Agi then names something many listeners will recognise. In the face of pain or unwanted change, some people become angry, resentful, or bitter. Others, like Jay, find a way to see challenge as a blessing and remain appreciative. What creates that internal difference?

Jay does not pretend it is easy. He explains that the ability to cope is closely linked to expectation and acceptance. Life changes. Seasons change. People age. Bodies change. Circumstances shift. When we expect life to stay stable, adversity feels like an injustice. When we accept that change is part of the deal, adversity becomes something we can work with rather than something that breaks us.

Jay also shares a subtle but powerful point: even when he asked “why me?” he did not mean it as punishment. He meant it as confusion about why the pattern kept repeating. That distinction matters. There is a difference between questioning life and surrendering to bitterness. One can lead to growth; the other can trap us.

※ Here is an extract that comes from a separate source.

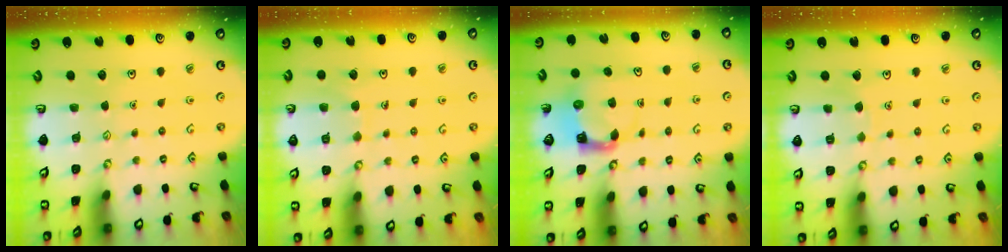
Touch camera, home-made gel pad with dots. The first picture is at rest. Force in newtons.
{"total": 6.1, "press": 6.0, "slide": 0.5}
{"total": 3.9, "press": 3.9, "slide": 0.8}
{"total": 2.9, "press": 2.9, "slide": 0.2}

Resilience That Builds, One Step at a Time

Resilience is a word that gets used often, but Jay gives it texture. He describes it as inner strength built through repetition, like a muscle that develops with use. If you work your way through one hardship, the next becomes more manageable. Not because it hurts less, but because you have proof you can survive it.

He also keeps it straightforward. You cannot afford to give up. You cannot afford to stop. Jay references friends who have lost legs in combat and still keep moving forward. He acknowledges how dark it can feel when pain stretches time and makes minutes feel endless. Yet his approach is to break it down. Seconds become minutes. Minutes become hours. Hours become days. You keep going, step by step, even if it is only an inch at a time.

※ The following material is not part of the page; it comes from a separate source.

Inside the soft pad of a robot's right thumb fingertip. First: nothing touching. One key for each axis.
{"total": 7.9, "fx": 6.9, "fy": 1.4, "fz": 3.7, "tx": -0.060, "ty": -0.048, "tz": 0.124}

There is wisdom here for anyone facing a difficult chapter, whether the challenge is physical illness, a career setback, grief, or a relationship breakdown. Resilience is not built by waiting for motivation. It is built by continuing, especially when motivation is absent.

“If It Is to Be, It Is Up to Me”

One of Jay’s favourite phrases is one many people will recognise: “If it is to be, it is up to me.” Agi hears personal responsibility and radical ownership in it, and Jay agrees.

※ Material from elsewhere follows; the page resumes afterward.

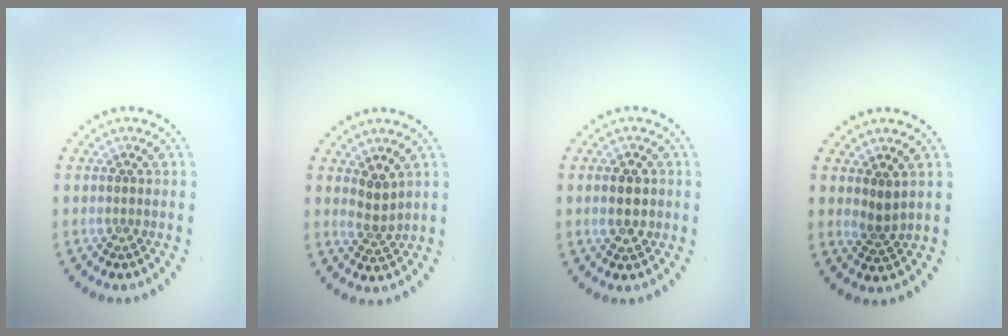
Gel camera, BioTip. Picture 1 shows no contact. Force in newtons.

Jay shares examples that make the idea real. A teenager wants a driving licence, but no one can take the test for him. A patient in rehab needs to lift his own arm; a therapist cannot do it on his behalf. A professional who wants promotion must learn the skills, build the habits, and take the actions. The phrase is not about harsh self-blame; it is about agency.

Agi rightly adds a nuance: some things are outside our control. Jay’s response is practical. When you cannot change the circumstance, what is still up to you is how you respond. Can you go around the obstacle, over it, under it, or through it? Can you shift focus to another project while the situation resolves? Can you accept what cannot be changed without letting it destroy your spirit? Ownership does not mean controlling everything. It means taking responsibility for what is yours to influence.

Hope, Belief, and the Power of Faith

Later, Jay draws a distinction that cuts through a lot of motivational talk: the difference between hope and belief. Hope is passive. Belief is committed. You can hope something works out, but belief leads you to act, persist, and stay the course.

This is where Jay’s faith comes through most clearly. He speaks openly about prayer, gratitude, and trusting God with tomorrow. For him, faith is not an add-on. It is the foundation that keeps him anchored when life is painful and unpredictable. Even if your beliefs differ, the principle translates: what you truly believe shapes what you do when things get hard.

The Strength Within You

Jay’s book is titled The Strength Within You: It’s Always Too Soon To Quit. The title captures the heart of the episode. Jay argues that strength comes from many places: upbringing, values, faith, community, even pain. He describes using pain as a motivator by placing his mind elsewhere, focusing intensely on a project, and refusing to sit in darkness letting discomfort dominate his attention.

His message is not that life is easy. It is that life is valuable. If you can move, appreciate it. If you are healthy, appreciate it. If you have options, appreciate them. If you are struggling, keep going, because the next season can still arrive.